## Task statement
Transcribe exactly the stretch of lines beginning at the one containing "کیفیت سبزیجات عالی بود راضی بودم" and closing with the last line of the entries below. Omit images.

## Task inputs
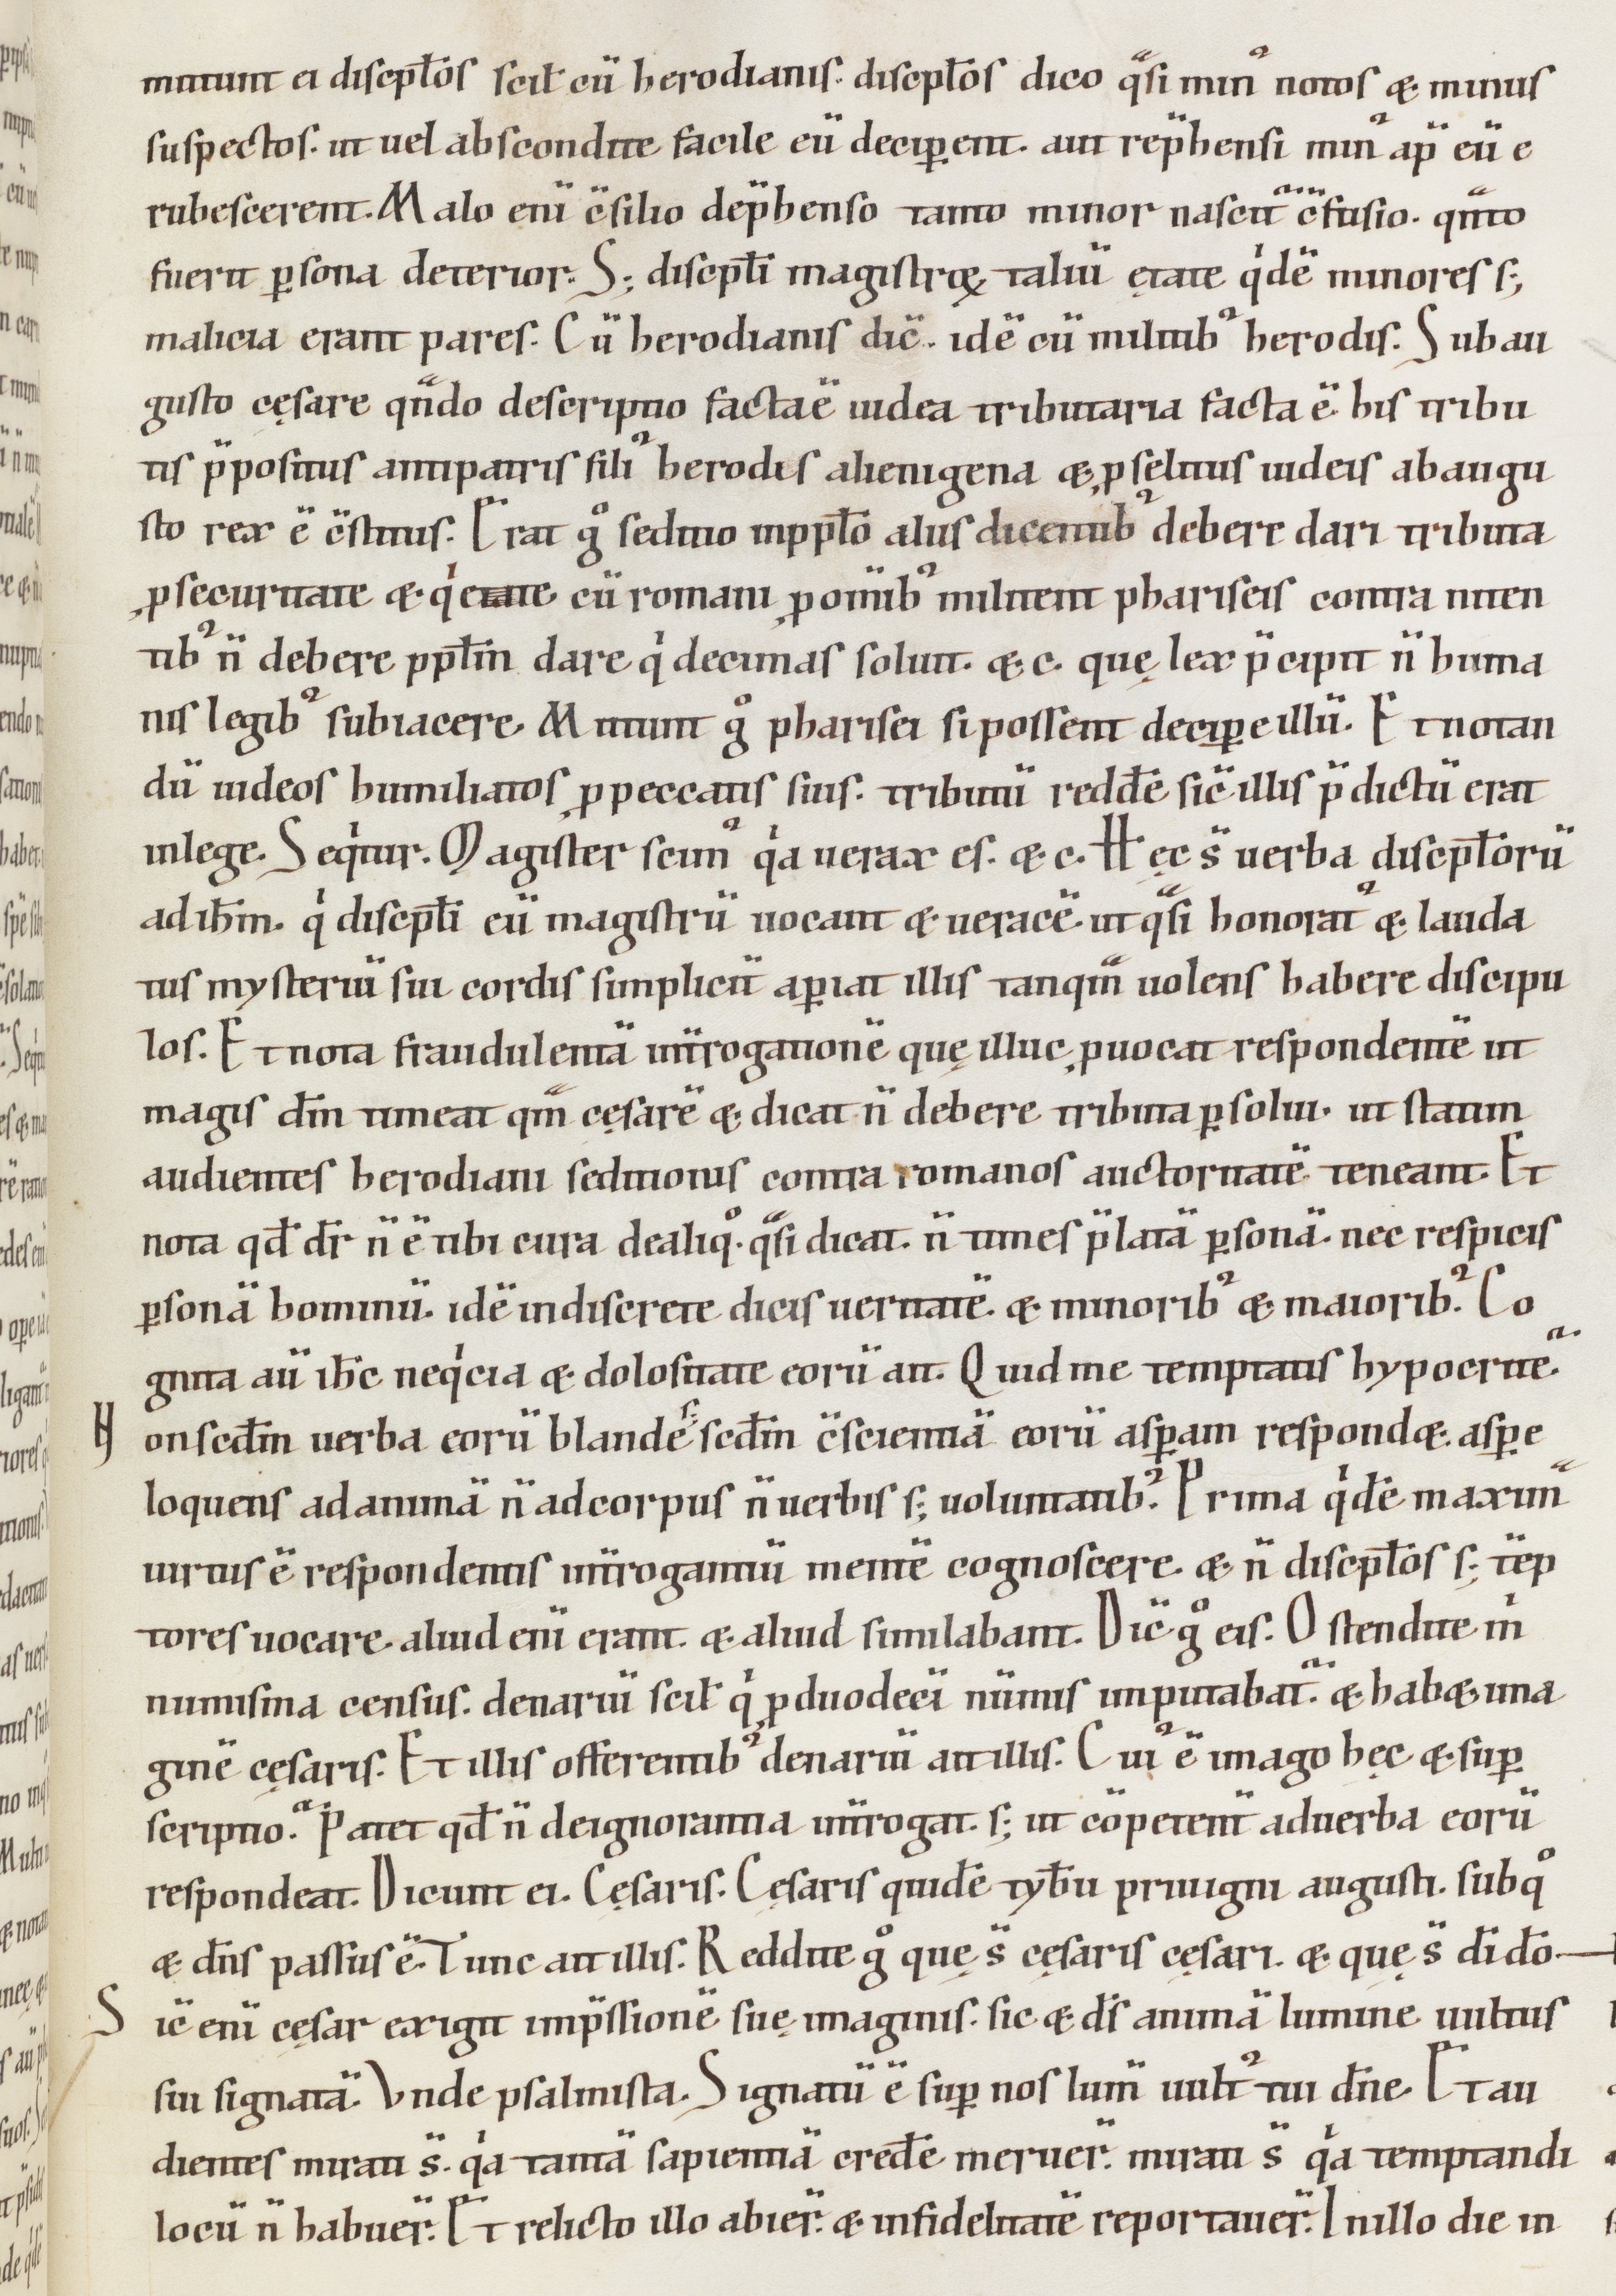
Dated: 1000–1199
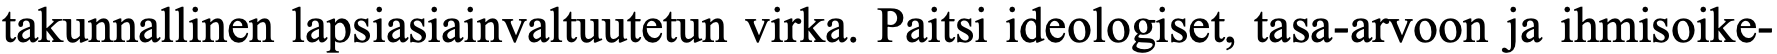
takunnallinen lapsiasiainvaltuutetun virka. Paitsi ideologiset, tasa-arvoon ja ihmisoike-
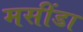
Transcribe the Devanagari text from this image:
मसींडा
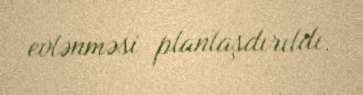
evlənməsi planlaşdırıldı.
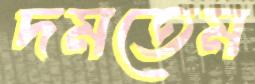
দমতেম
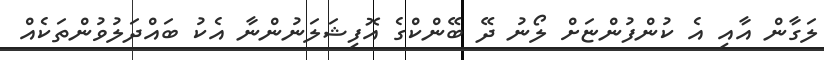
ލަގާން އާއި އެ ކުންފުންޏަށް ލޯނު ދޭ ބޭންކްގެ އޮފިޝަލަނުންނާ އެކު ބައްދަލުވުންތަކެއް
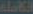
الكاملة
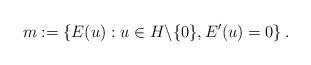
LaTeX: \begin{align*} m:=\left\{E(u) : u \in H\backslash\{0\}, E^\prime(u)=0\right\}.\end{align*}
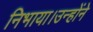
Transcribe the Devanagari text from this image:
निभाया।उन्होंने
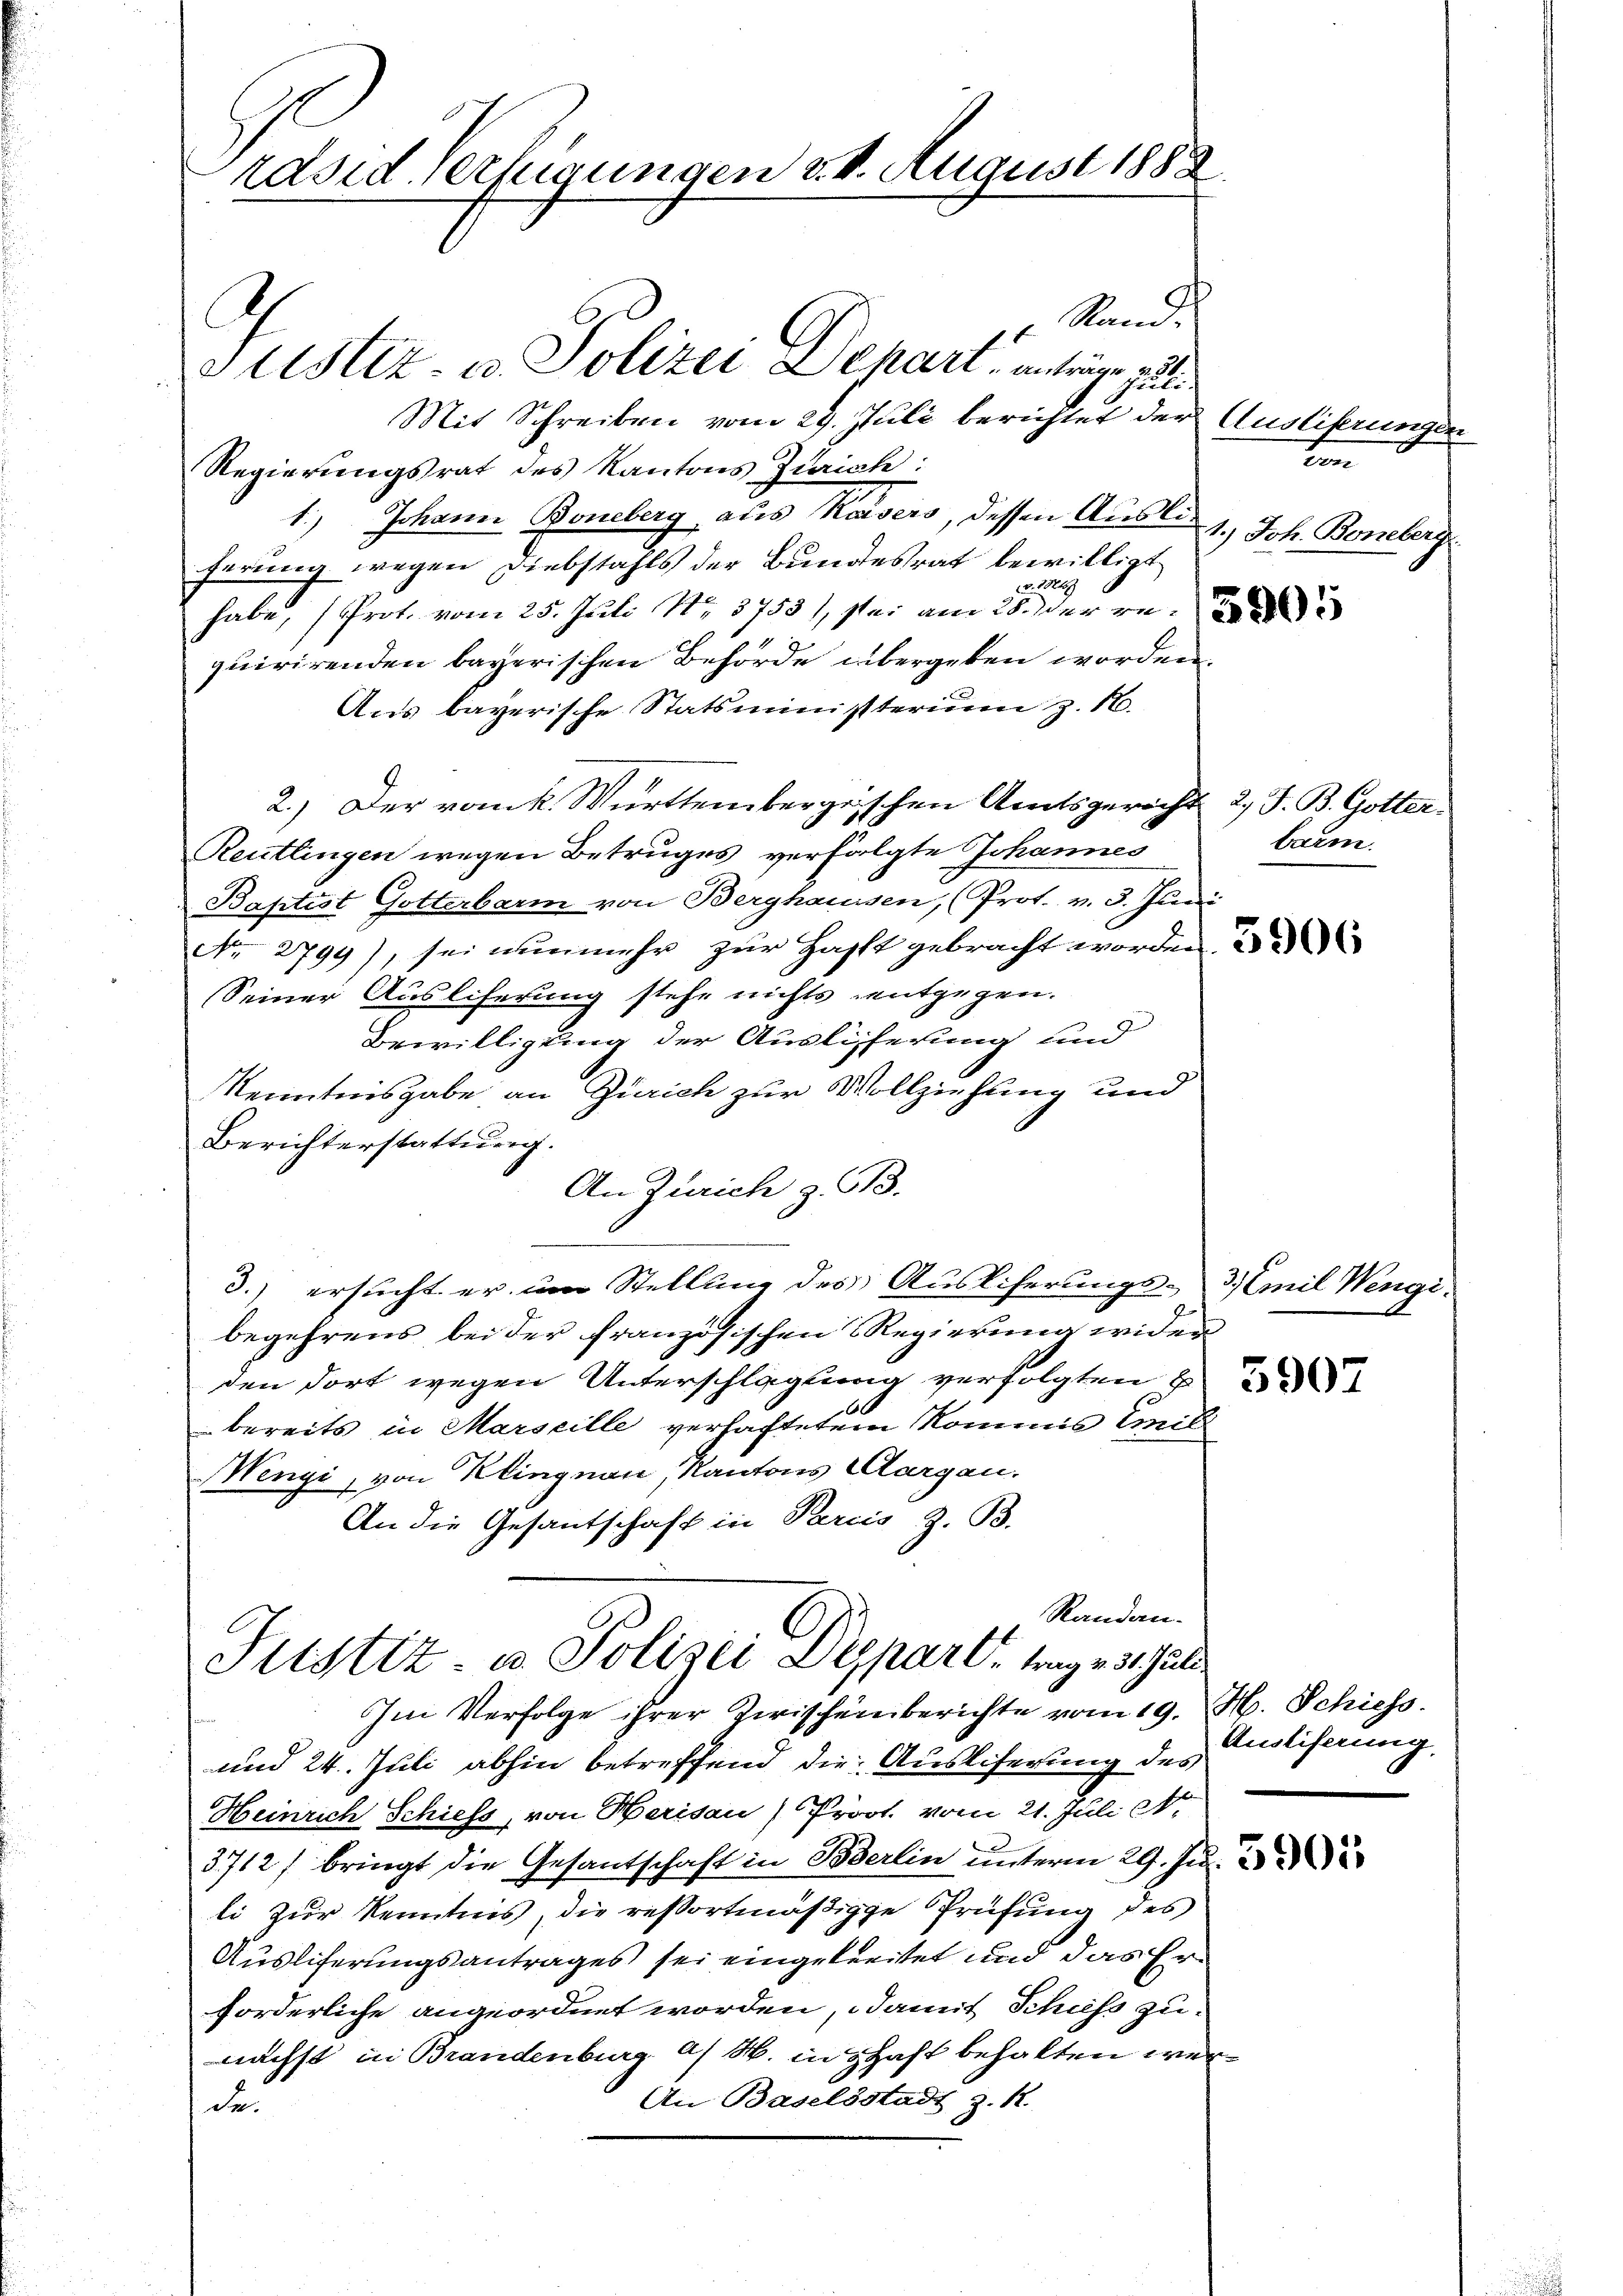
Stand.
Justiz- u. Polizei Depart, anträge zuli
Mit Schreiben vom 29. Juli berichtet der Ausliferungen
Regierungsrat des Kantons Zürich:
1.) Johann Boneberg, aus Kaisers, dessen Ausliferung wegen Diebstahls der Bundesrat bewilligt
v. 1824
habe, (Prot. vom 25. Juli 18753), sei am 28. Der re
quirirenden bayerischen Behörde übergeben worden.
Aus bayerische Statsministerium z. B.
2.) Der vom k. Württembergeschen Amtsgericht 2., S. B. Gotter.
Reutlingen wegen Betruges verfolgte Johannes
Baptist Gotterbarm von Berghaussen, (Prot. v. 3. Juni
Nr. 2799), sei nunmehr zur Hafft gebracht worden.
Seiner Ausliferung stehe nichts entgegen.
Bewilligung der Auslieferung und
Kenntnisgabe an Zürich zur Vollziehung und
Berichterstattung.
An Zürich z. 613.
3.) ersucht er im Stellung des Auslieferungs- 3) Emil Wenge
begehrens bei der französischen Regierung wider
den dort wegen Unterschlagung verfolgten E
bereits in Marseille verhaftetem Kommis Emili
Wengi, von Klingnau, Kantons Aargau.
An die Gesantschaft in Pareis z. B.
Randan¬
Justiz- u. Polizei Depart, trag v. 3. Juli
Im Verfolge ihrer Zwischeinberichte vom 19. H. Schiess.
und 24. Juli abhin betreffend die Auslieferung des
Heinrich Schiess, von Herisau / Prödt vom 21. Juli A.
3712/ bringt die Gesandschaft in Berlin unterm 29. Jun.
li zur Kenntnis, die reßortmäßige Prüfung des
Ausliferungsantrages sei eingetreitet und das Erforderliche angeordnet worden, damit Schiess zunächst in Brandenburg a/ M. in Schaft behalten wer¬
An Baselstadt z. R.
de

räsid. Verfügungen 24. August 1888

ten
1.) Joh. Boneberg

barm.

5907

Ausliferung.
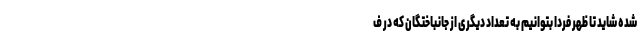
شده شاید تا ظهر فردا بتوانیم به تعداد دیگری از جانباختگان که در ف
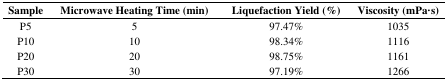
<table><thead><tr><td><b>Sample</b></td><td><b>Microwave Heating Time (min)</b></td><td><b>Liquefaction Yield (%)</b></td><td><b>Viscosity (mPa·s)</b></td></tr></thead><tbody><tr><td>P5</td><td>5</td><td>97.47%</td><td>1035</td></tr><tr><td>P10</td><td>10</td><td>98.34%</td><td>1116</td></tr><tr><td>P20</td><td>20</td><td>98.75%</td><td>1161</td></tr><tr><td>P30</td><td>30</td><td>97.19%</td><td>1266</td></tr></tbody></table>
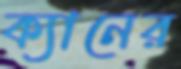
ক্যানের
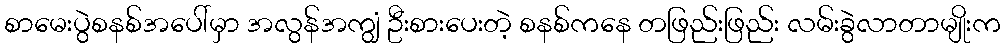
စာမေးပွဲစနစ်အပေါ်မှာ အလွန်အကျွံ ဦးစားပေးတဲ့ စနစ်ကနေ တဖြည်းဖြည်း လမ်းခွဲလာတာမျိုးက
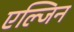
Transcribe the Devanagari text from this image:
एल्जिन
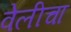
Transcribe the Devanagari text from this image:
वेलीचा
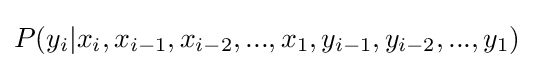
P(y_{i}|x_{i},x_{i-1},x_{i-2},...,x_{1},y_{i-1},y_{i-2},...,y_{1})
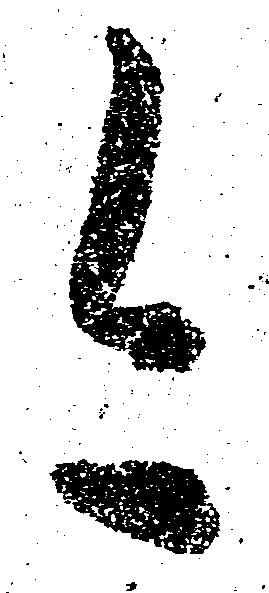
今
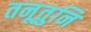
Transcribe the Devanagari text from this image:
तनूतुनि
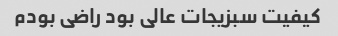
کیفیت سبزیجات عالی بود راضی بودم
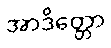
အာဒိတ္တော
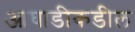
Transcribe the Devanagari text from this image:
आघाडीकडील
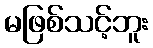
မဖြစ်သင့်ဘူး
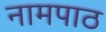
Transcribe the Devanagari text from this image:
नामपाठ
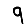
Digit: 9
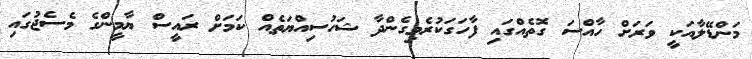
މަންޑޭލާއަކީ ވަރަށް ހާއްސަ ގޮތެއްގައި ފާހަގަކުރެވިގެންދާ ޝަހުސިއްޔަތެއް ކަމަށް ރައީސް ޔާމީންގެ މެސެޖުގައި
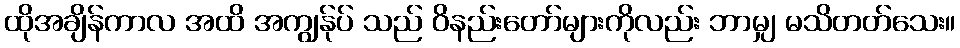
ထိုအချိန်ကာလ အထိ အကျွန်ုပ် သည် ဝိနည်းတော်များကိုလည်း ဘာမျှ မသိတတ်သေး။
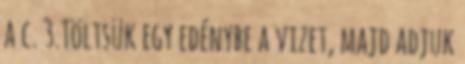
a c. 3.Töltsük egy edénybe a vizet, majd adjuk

## Problem solution
کیفیت سبزیجات عالی بود راضی بودم
အာဒိတ္တော
Transcribe the Devanagari text from this image:
आघाडीकडील
မဖြစ်သင့်ဘူး
Transcribe the Devanagari text from this image:
नामपाठ
Digit: 9
މަންޑޭލާއަކީ ވަރަށް ހާއްސަ ގޮތެއްގައި ފާހަގަކުރެވިގެންދާ ޝަހުސިއްޔަތެއް ކަމަށް ރައީސް ޔާމީންގެ މެސެޖުގައި
ထိုအချိန်ကာလ အထိ အကျွန်ုပ် သည် ဝိနည်းတော်များကိုလည်း ဘာမျှ မသိတတ်သေး။
a c. 3.Töltsük egy edénybe a vizet, majd adjuk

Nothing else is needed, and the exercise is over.